● **Activity**:
Print the entries in full, word for word, but not the pictures.

Records excerpted from a collection
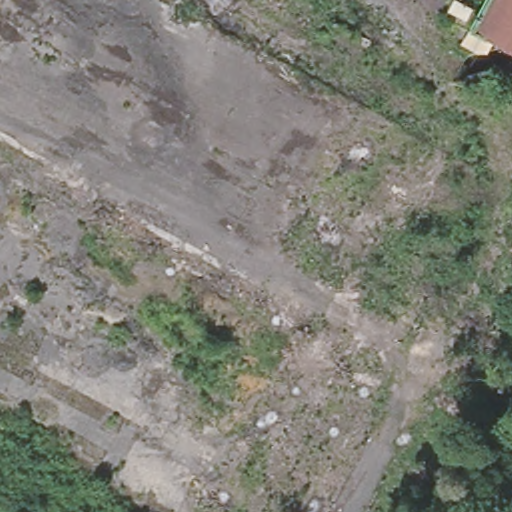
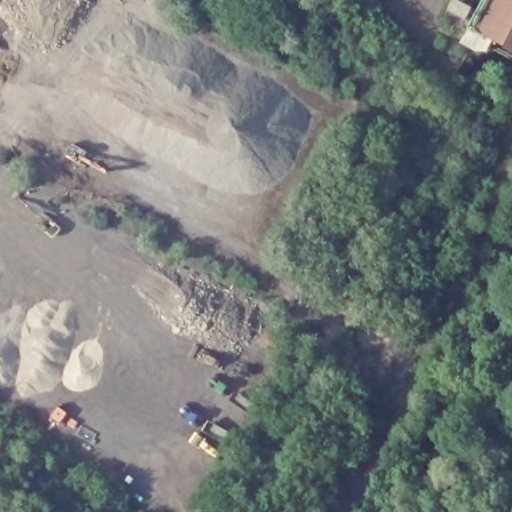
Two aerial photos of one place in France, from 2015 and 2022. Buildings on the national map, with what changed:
unchanged [(498,42),(488,52),(457,40),(478,0),(512,0),(512,48),(498,42)]

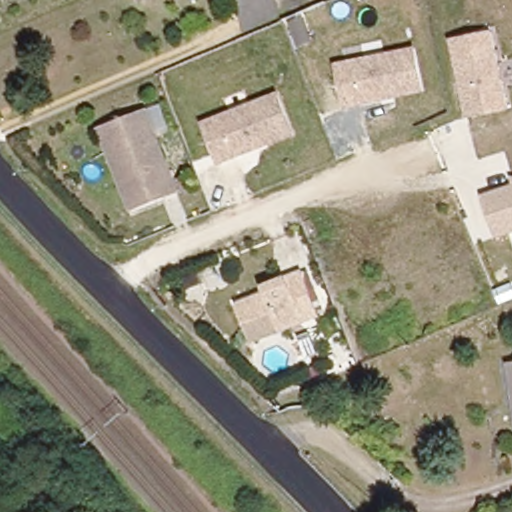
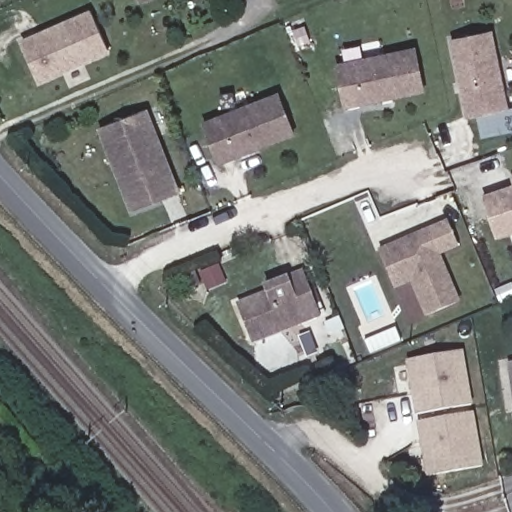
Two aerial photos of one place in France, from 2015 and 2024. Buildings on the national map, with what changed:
new [(41,83),(38,84),(18,40),(91,10),(110,52),(41,83)]
unchanged [(511,109),(466,117),(450,36),(495,30),(511,109)]
unchanged [(427,91),(343,108),(335,61),(418,47),(427,91)]
unchanged [(220,165),(202,122),(279,91),(297,135),(220,165)]
unchanged [(142,110),(172,194),(127,210),(118,184),(113,171),(97,125),(104,123),(121,116),(142,110)]
unchanged [(512,174),(512,175),(511,174),(512,174)]
unchanged [(482,193),(512,184),(512,233),(496,239),(482,193)]
new [(441,255),(460,302),(424,315),(411,282),(394,289),(378,249),(447,221),(459,249),(441,255)]
unchanged [(252,340),(239,303),(269,292),(266,285),(287,278),(304,273),(320,317),(252,340)]
new [(461,351),(470,403),(418,412),(410,360),(461,351)]
unchanged [(512,362),(512,392),(508,362),(512,362)]
new [(471,410),(480,462),(429,471),(420,420),(471,410)]

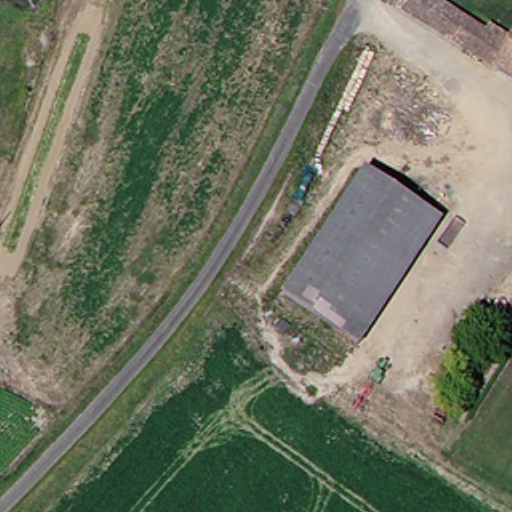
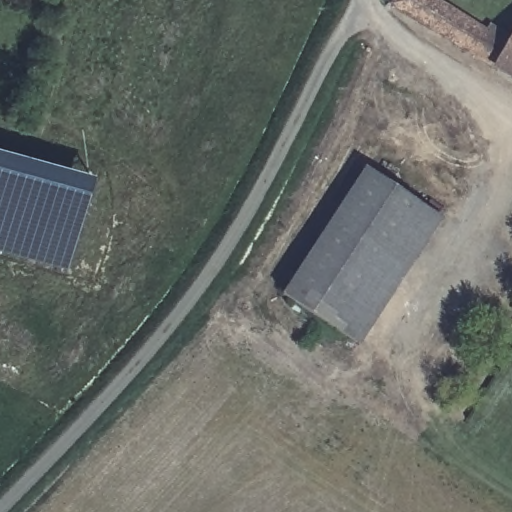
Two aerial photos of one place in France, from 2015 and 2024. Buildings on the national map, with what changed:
unchanged [(504,41),(489,66),(382,3),(384,0),(436,0),(504,41)]
unchanged [(512,28),(512,79),(489,66),(504,41),(512,28)]
new [(0,145),(86,167),(64,254),(0,237),(0,145)]
unchanged [(430,212),(353,344),(277,299),(355,168),(430,212)]

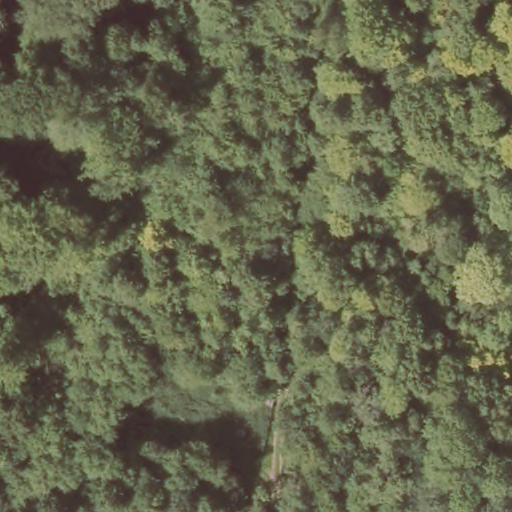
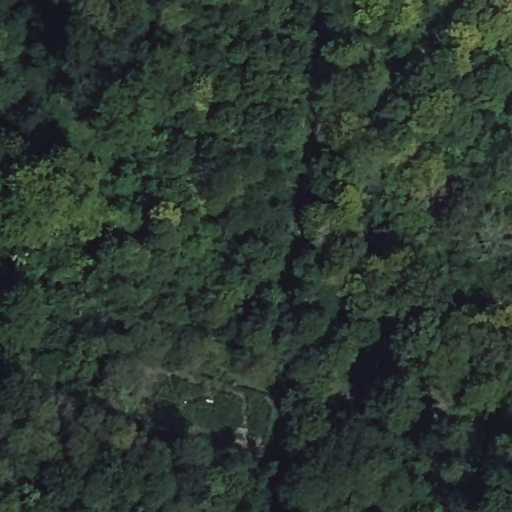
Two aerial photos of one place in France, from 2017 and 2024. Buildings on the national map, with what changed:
[]

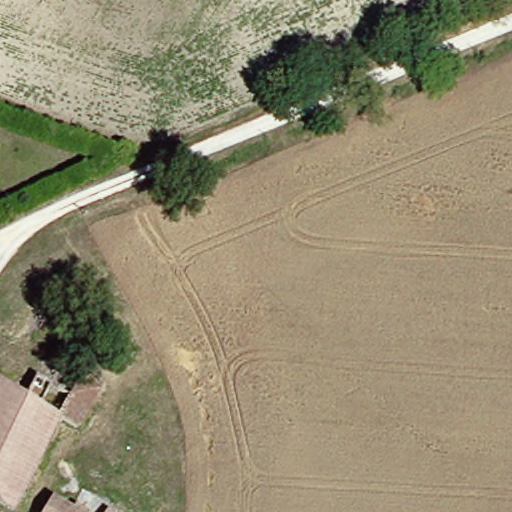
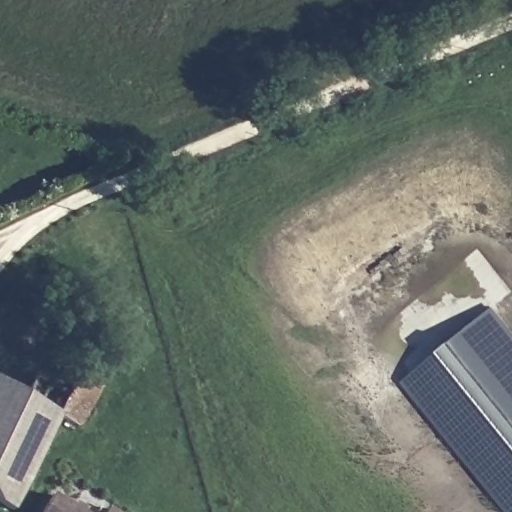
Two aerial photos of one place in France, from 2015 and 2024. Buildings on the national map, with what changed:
new [(512,512),(505,512),(401,385),(493,310),(512,333),(512,512)]
unchanged [(76,416),(70,433),(51,424),(18,489),(0,480),(0,378),(28,393),(35,381),(40,368),(54,374),(75,384),(62,407),(76,416)]
unchanged [(2,512),(0,511),(0,480),(18,489),(7,512),(2,512)]
new [(80,512),(43,512),(53,495),(80,512)]
demolished [(123,512),(104,512),(109,504),(123,512)]
new [(109,512),(107,512),(107,511),(109,512)]

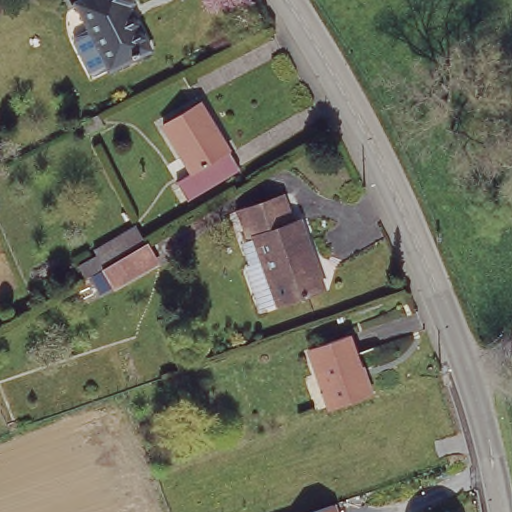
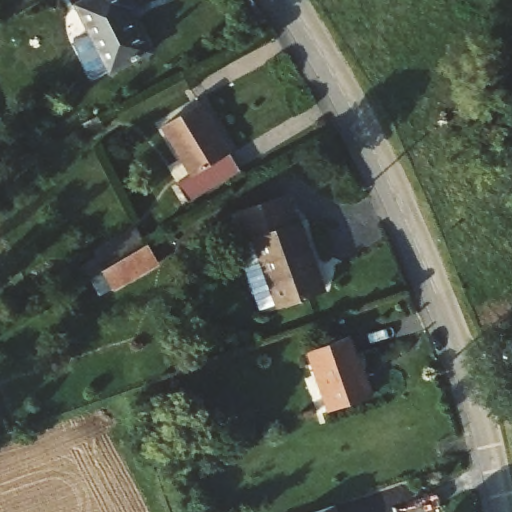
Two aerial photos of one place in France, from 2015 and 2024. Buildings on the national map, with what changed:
unchanged [(83,0),(129,0),(131,4),(126,7),(150,52),(107,73),(75,4),(83,0)]
unchanged [(198,98),(230,152),(195,173),(163,118),(198,98)]
unchanged [(240,168),(188,198),(179,182),(195,173),(230,152),(240,168)]
unchanged [(253,270),(243,240),(246,239),(237,209),(281,193),(290,219),(300,217),(311,249),(306,251),(320,289),(277,303),(260,309),(247,271),(253,270)]
unchanged [(83,278),(77,269),(95,260),(90,251),(132,225),(143,242),(155,261),(112,288),(95,298),(83,278)]
unchanged [(310,355),(352,340),(372,399),(331,413),(310,355)]
unchanged [(340,512),(319,512),(338,506),(340,512)]

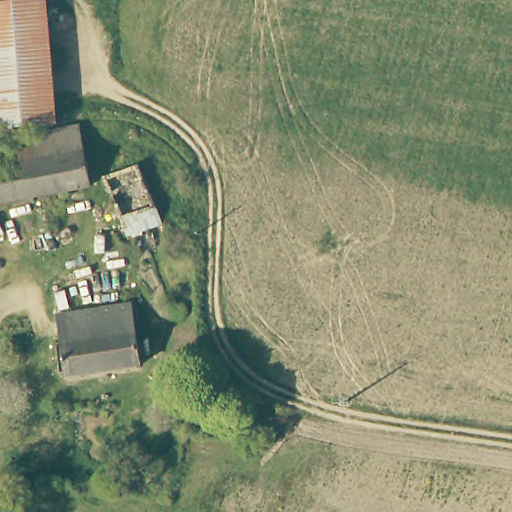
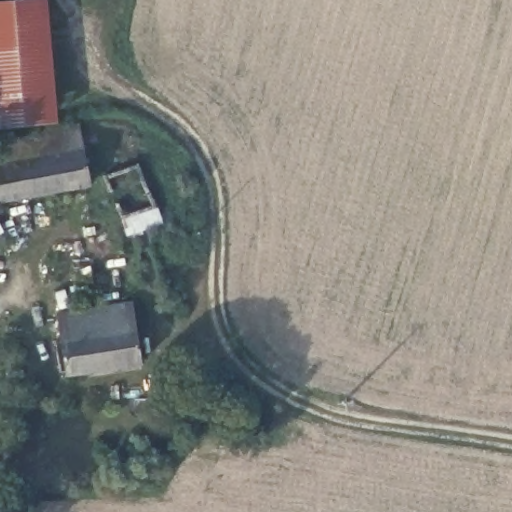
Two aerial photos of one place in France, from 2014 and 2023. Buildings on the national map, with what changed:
unchanged [(52,127),(0,129),(0,5),(45,2),(52,127)]
unchanged [(0,204),(0,163),(3,162),(0,147),(0,140),(68,129),(80,127),(87,159),(92,188),(0,204)]
unchanged [(165,228),(129,242),(105,182),(115,179),(107,156),(129,148),(137,170),(142,168),(165,228)]
unchanged [(146,362),(71,374),(61,311),(136,299),(136,302),(146,362)]

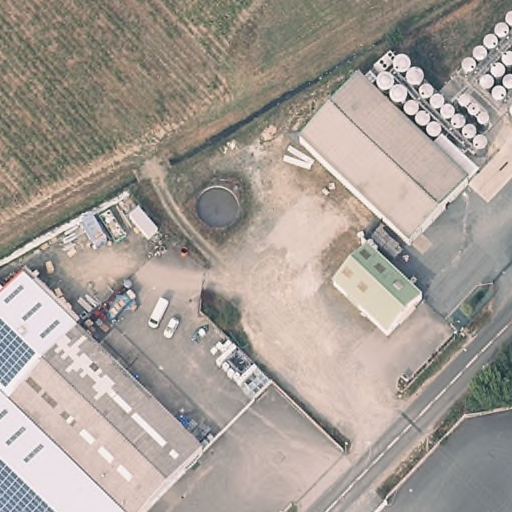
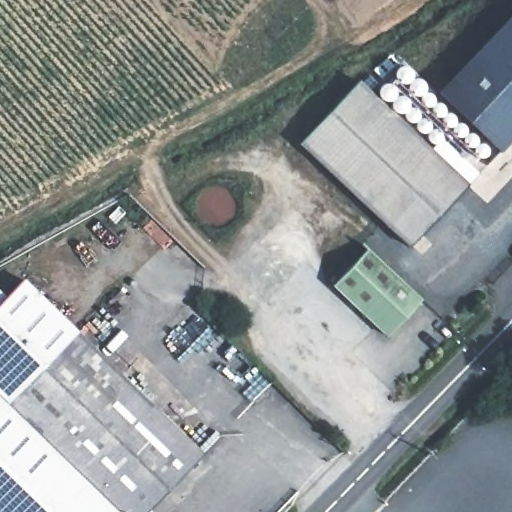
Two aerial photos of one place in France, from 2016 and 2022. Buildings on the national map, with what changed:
new [(512,11),(512,138),(499,152),(435,92),(512,11)]
unchanged [(362,81),(389,55),(479,141),(454,167),(362,81)]
unchanged [(303,145),(362,81),(454,167),(467,179),(408,245),(303,145)]
unchanged [(423,300),(387,335),(335,281),(371,247),(423,300)]
unchanged [(23,279),(76,331),(6,404),(117,512),(0,512),(0,293),(4,297),(23,279)]
unchanged [(145,512),(117,512),(6,404),(76,331),(200,455),(145,512)]

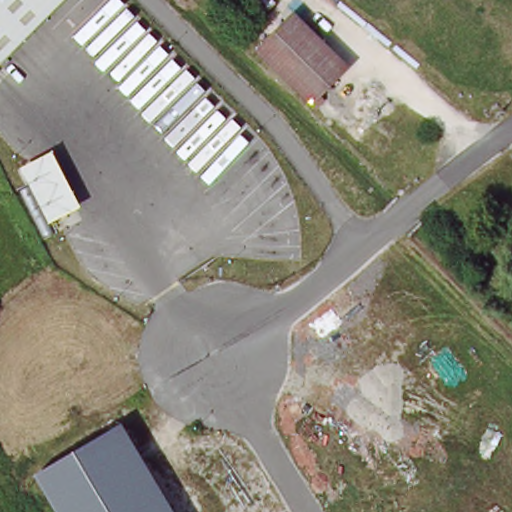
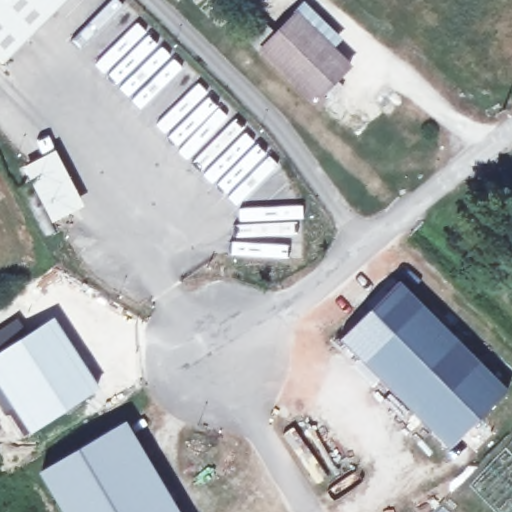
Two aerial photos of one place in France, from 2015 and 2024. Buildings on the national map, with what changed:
unchanged [(2,65),(0,63),(0,0),(67,0),(2,65)]
new [(307,4),(341,38),(334,45),(301,11),(307,4)]
unchanged [(351,68),(316,103),(260,51),(294,16),(351,68)]
unchanged [(83,205),(51,222),(24,166),(55,152),(83,205)]
new [(333,337),(393,286),(504,390),(446,446),(333,337)]
new [(27,434),(0,391),(0,351),(51,318),(97,388),(27,434)]
unchanged [(126,425),(177,512),(62,512),(40,474),(126,425)]

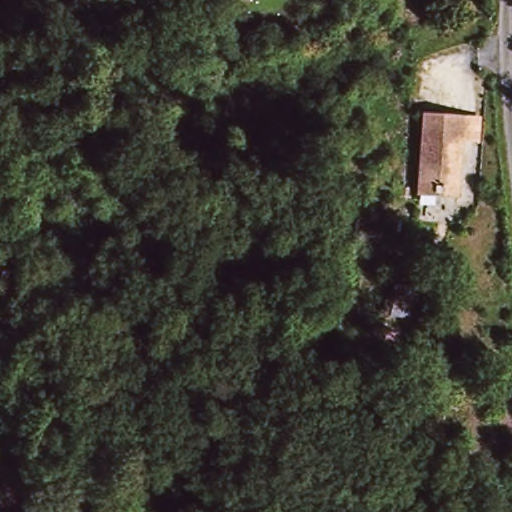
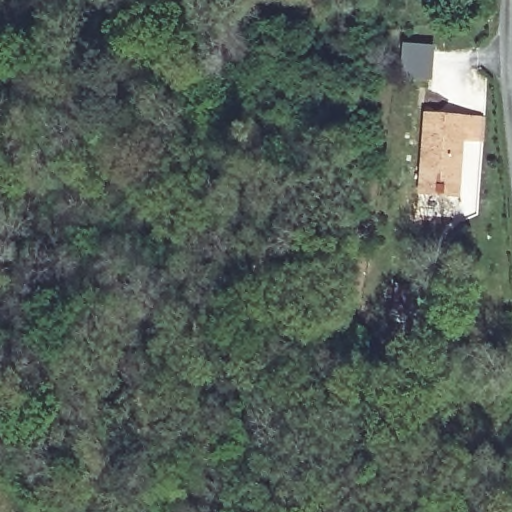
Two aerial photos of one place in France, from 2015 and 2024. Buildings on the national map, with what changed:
new [(400,44),(435,50),(431,78),(396,73),(400,44)]
unchanged [(420,188),(425,138),(427,116),(467,119),(484,121),(483,133),(482,145),(464,144),(460,192),(420,188)]

● **Answer below**:
Two aerial photos of one place in France, from 2015 and 2022. Buildings on the national map, with what changed:
unchanged [(498,42),(488,52),(457,40),(478,0),(512,0),(512,48),(498,42)]

Two aerial photos of one place in France, from 2015 and 2024. Buildings on the national map, with what changed:
new [(41,83),(38,84),(18,40),(91,10),(110,52),(41,83)]
unchanged [(511,109),(466,117),(450,36),(495,30),(511,109)]
unchanged [(427,91),(343,108),(335,61),(418,47),(427,91)]
unchanged [(220,165),(202,122),(279,91),(297,135),(220,165)]
unchanged [(142,110),(172,194),(127,210),(118,184),(113,171),(97,125),(104,123),(121,116),(142,110)]
unchanged [(512,174),(512,175),(511,174),(512,174)]
unchanged [(482,193),(512,184),(512,233),(496,239),(482,193)]
new [(441,255),(460,302),(424,315),(411,282),(394,289),(378,249),(447,221),(459,249),(441,255)]
unchanged [(252,340),(239,303),(269,292),(266,285),(287,278),(304,273),(320,317),(252,340)]
new [(461,351),(470,403),(418,412),(410,360),(461,351)]
unchanged [(512,362),(512,392),(508,362),(512,362)]
new [(471,410),(480,462),(429,471),(420,420),(471,410)]

Two aerial photos of one place in France, from 2015 and 2024. Buildings on the national map, with what changed:
unchanged [(504,41),(489,66),(382,3),(384,0),(436,0),(504,41)]
unchanged [(512,28),(512,79),(489,66),(504,41),(512,28)]
new [(0,145),(86,167),(64,254),(0,237),(0,145)]
unchanged [(430,212),(353,344),(277,299),(355,168),(430,212)]

Two aerial photos of one place in France, from 2017 and 2024. Buildings on the national map, with what changed:
[]

Two aerial photos of one place in France, from 2015 and 2024. Buildings on the national map, with what changed:
new [(512,512),(505,512),(401,385),(493,310),(512,333),(512,512)]
unchanged [(76,416),(70,433),(51,424),(18,489),(0,480),(0,378),(28,393),(35,381),(40,368),(54,374),(75,384),(62,407),(76,416)]
unchanged [(2,512),(0,511),(0,480),(18,489),(7,512),(2,512)]
new [(80,512),(43,512),(53,495),(80,512)]
demolished [(123,512),(104,512),(109,504),(123,512)]
new [(109,512),(107,512),(107,511),(109,512)]

Two aerial photos of one place in France, from 2015 and 2024. Buildings on the national map, with what changed:
unchanged [(83,0),(129,0),(131,4),(126,7),(150,52),(107,73),(75,4),(83,0)]
unchanged [(198,98),(230,152),(195,173),(163,118),(198,98)]
unchanged [(240,168),(188,198),(179,182),(195,173),(230,152),(240,168)]
unchanged [(253,270),(243,240),(246,239),(237,209),(281,193),(290,219),(300,217),(311,249),(306,251),(320,289),(277,303),(260,309),(247,271),(253,270)]
unchanged [(83,278),(77,269),(95,260),(90,251),(132,225),(143,242),(155,261),(112,288),(95,298),(83,278)]
unchanged [(310,355),(352,340),(372,399),(331,413),(310,355)]
unchanged [(340,512),(319,512),(338,506),(340,512)]

Two aerial photos of one place in France, from 2014 and 2023. Buildings on the national map, with what changed:
unchanged [(52,127),(0,129),(0,5),(45,2),(52,127)]
unchanged [(0,204),(0,163),(3,162),(0,147),(0,140),(68,129),(80,127),(87,159),(92,188),(0,204)]
unchanged [(165,228),(129,242),(105,182),(115,179),(107,156),(129,148),(137,170),(142,168),(165,228)]
unchanged [(146,362),(71,374),(61,311),(136,299),(136,302),(146,362)]

Two aerial photos of one place in France, from 2016 and 2022. Buildings on the national map, with what changed:
new [(512,11),(512,138),(499,152),(435,92),(512,11)]
unchanged [(362,81),(389,55),(479,141),(454,167),(362,81)]
unchanged [(303,145),(362,81),(454,167),(467,179),(408,245),(303,145)]
unchanged [(423,300),(387,335),(335,281),(371,247),(423,300)]
unchanged [(23,279),(76,331),(6,404),(117,512),(0,512),(0,293),(4,297),(23,279)]
unchanged [(145,512),(117,512),(6,404),(76,331),(200,455),(145,512)]

Two aerial photos of one place in France, from 2015 and 2024. Buildings on the national map, with what changed:
unchanged [(2,65),(0,63),(0,0),(67,0),(2,65)]
new [(307,4),(341,38),(334,45),(301,11),(307,4)]
unchanged [(351,68),(316,103),(260,51),(294,16),(351,68)]
unchanged [(83,205),(51,222),(24,166),(55,152),(83,205)]
new [(333,337),(393,286),(504,390),(446,446),(333,337)]
new [(27,434),(0,391),(0,351),(51,318),(97,388),(27,434)]
unchanged [(126,425),(177,512),(62,512),(40,474),(126,425)]

Two aerial photos of one place in France, from 2015 and 2024. Buildings on the national map, with what changed:
new [(400,44),(435,50),(431,78),(396,73),(400,44)]
unchanged [(420,188),(425,138),(427,116),(467,119),(484,121),(483,133),(482,145),(464,144),(460,192),(420,188)]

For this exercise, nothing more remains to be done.